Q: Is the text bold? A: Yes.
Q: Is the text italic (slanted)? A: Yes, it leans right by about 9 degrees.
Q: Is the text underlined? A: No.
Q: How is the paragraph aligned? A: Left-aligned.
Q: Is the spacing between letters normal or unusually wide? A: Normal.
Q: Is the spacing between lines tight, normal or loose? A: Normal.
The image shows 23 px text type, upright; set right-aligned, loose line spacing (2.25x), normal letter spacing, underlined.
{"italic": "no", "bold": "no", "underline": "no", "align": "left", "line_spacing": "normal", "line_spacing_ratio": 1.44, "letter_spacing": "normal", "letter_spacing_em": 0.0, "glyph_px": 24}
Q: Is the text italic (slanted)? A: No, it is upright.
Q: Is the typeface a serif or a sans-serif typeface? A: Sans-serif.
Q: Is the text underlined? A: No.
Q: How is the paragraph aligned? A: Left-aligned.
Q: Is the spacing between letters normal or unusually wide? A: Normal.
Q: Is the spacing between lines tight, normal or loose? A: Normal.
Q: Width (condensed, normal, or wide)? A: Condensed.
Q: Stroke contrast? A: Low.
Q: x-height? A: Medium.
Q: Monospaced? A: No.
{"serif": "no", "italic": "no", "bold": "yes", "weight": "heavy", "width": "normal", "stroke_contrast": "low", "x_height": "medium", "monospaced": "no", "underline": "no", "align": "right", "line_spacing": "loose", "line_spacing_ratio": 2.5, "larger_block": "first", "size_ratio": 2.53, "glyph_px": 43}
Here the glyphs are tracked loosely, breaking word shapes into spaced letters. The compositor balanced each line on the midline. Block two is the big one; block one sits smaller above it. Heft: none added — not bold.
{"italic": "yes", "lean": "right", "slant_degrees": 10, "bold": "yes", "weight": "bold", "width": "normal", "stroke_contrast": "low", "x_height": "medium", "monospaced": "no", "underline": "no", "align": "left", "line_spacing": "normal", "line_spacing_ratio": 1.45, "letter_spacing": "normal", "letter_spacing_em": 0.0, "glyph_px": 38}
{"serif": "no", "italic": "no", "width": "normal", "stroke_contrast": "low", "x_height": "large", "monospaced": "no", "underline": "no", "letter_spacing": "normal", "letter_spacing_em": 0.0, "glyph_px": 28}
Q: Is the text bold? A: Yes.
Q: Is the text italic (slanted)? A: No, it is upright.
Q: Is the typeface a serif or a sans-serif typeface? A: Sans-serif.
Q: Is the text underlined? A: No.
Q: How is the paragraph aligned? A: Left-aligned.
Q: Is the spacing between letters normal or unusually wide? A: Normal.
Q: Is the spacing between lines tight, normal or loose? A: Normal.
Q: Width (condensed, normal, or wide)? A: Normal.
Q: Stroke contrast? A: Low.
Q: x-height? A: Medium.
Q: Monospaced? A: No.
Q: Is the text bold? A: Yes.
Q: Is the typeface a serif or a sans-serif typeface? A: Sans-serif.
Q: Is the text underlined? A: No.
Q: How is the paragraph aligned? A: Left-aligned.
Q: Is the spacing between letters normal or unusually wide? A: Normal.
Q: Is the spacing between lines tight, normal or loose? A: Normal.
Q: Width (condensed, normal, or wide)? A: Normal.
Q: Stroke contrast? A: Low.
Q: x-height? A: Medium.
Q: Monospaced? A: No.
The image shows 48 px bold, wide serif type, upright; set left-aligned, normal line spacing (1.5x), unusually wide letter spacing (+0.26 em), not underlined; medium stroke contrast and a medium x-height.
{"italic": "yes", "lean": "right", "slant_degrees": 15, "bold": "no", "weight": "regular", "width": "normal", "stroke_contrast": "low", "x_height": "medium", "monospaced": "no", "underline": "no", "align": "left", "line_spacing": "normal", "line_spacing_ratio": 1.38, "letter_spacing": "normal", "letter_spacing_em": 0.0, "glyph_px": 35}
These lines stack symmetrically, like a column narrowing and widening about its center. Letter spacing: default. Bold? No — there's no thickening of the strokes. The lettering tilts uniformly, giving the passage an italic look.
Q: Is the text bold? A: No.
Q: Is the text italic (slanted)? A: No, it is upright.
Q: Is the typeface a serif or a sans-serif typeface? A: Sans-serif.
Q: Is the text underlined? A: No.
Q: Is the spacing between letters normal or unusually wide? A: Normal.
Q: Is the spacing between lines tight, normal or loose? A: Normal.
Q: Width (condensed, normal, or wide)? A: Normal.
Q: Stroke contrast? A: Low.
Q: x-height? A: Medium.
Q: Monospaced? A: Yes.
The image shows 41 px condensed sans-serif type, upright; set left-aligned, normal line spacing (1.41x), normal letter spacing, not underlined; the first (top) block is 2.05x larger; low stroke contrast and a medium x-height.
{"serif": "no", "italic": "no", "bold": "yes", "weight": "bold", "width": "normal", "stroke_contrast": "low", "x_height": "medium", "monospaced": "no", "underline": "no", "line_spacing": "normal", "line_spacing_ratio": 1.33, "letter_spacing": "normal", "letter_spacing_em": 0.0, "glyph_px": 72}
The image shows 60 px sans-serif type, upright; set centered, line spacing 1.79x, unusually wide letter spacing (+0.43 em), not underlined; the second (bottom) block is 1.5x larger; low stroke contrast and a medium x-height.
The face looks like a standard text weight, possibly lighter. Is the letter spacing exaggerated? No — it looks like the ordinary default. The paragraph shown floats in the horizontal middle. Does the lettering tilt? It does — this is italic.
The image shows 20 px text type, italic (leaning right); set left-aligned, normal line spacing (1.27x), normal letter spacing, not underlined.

####################

Work item =>
Would you please reproduce all of the lines above exactly?

Response for this exercise =>
Q: Is the text bold? A: Yes.
Q: Is the text italic (slanted)? A: Yes, it leans right by about 9 degrees.
Q: Is the text underlined? A: No.
Q: How is the paragraph aligned? A: Left-aligned.
Q: Is the spacing between letters normal or unusually wide? A: Normal.
Q: Is the spacing between lines tight, normal or loose? A: Normal.
The image shows 23 px text type, upright; set right-aligned, loose line spacing (2.25x), normal letter spacing, underlined.
{"italic": "no", "bold": "no", "underline": "no", "align": "left", "line_spacing": "normal", "line_spacing_ratio": 1.44, "letter_spacing": "normal", "letter_spacing_em": 0.0, "glyph_px": 24}
Q: Is the text italic (slanted)? A: No, it is upright.
Q: Is the typeface a serif or a sans-serif typeface? A: Sans-serif.
Q: Is the text underlined? A: No.
Q: How is the paragraph aligned? A: Left-aligned.
Q: Is the spacing between letters normal or unusually wide? A: Normal.
Q: Is the spacing between lines tight, normal or loose? A: Normal.
Q: Width (condensed, normal, or wide)? A: Condensed.
Q: Stroke contrast? A: Low.
Q: x-height? A: Medium.
Q: Monospaced? A: No.
{"serif": "no", "italic": "no", "bold": "yes", "weight": "heavy", "width": "normal", "stroke_contrast": "low", "x_height": "medium", "monospaced": "no", "underline": "no", "align": "right", "line_spacing": "loose", "line_spacing_ratio": 2.5, "larger_block": "first", "size_ratio": 2.53, "glyph_px": 43}
Here the glyphs are tracked loosely, breaking word shapes into spaced letters. The compositor balanced each line on the midline. Block two is the big one; block one sits smaller above it. Heft: none added — not bold.
{"italic": "yes", "lean": "right", "slant_degrees": 10, "bold": "yes", "weight": "bold", "width": "normal", "stroke_contrast": "low", "x_height": "medium", "monospaced": "no", "underline": "no", "align": "left", "line_spacing": "normal", "line_spacing_ratio": 1.45, "letter_spacing": "normal", "letter_spacing_em": 0.0, "glyph_px": 38}
{"serif": "no", "italic": "no", "width": "normal", "stroke_contrast": "low", "x_height": "large", "monospaced": "no", "underline": "no", "letter_spacing": "normal", "letter_spacing_em": 0.0, "glyph_px": 28}
Q: Is the text bold? A: Yes.
Q: Is the text italic (slanted)? A: No, it is upright.
Q: Is the typeface a serif or a sans-serif typeface? A: Sans-serif.
Q: Is the text underlined? A: No.
Q: How is the paragraph aligned? A: Left-aligned.
Q: Is the spacing between letters normal or unusually wide? A: Normal.
Q: Is the spacing between lines tight, normal or loose? A: Normal.
Q: Width (condensed, normal, or wide)? A: Normal.
Q: Stroke contrast? A: Low.
Q: x-height? A: Medium.
Q: Monospaced? A: No.
Q: Is the text bold? A: Yes.
Q: Is the typeface a serif or a sans-serif typeface? A: Sans-serif.
Q: Is the text underlined? A: No.
Q: How is the paragraph aligned? A: Left-aligned.
Q: Is the spacing between letters normal or unusually wide? A: Normal.
Q: Is the spacing between lines tight, normal or loose? A: Normal.
Q: Width (condensed, normal, or wide)? A: Normal.
Q: Stroke contrast? A: Low.
Q: x-height? A: Medium.
Q: Monospaced? A: No.
The image shows 48 px bold, wide serif type, upright; set left-aligned, normal line spacing (1.5x), unusually wide letter spacing (+0.26 em), not underlined; medium stroke contrast and a medium x-height.
{"italic": "yes", "lean": "right", "slant_degrees": 15, "bold": "no", "weight": "regular", "width": "normal", "stroke_contrast": "low", "x_height": "medium", "monospaced": "no", "underline": "no", "align": "left", "line_spacing": "normal", "line_spacing_ratio": 1.38, "letter_spacing": "normal", "letter_spacing_em": 0.0, "glyph_px": 35}
These lines stack symmetrically, like a column narrowing and widening about its center. Letter spacing: default. Bold? No — there's no thickening of the strokes. The lettering tilts uniformly, giving the passage an italic look.
Q: Is the text bold? A: No.
Q: Is the text italic (slanted)? A: No, it is upright.
Q: Is the typeface a serif or a sans-serif typeface? A: Sans-serif.
Q: Is the text underlined? A: No.
Q: Is the spacing between letters normal or unusually wide? A: Normal.
Q: Is the spacing between lines tight, normal or loose? A: Normal.
Q: Width (condensed, normal, or wide)? A: Normal.
Q: Stroke contrast? A: Low.
Q: x-height? A: Medium.
Q: Monospaced? A: Yes.
The image shows 41 px condensed sans-serif type, upright; set left-aligned, normal line spacing (1.41x), normal letter spacing, not underlined; the first (top) block is 2.05x larger; low stroke contrast and a medium x-height.
{"serif": "no", "italic": "no", "bold": "yes", "weight": "bold", "width": "normal", "stroke_contrast": "low", "x_height": "medium", "monospaced": "no", "underline": "no", "line_spacing": "normal", "line_spacing_ratio": 1.33, "letter_spacing": "normal", "letter_spacing_em": 0.0, "glyph_px": 72}
The image shows 60 px sans-serif type, upright; set centered, line spacing 1.79x, unusually wide letter spacing (+0.43 em), not underlined; the second (bottom) block is 1.5x larger; low stroke contrast and a medium x-height.
The face looks like a standard text weight, possibly lighter. Is the letter spacing exaggerated? No — it looks like the ordinary default. The paragraph shown floats in the horizontal middle. Does the lettering tilt? It does — this is italic.
The image shows 20 px text type, italic (leaning right); set left-aligned, normal line spacing (1.27x), normal letter spacing, not underlined.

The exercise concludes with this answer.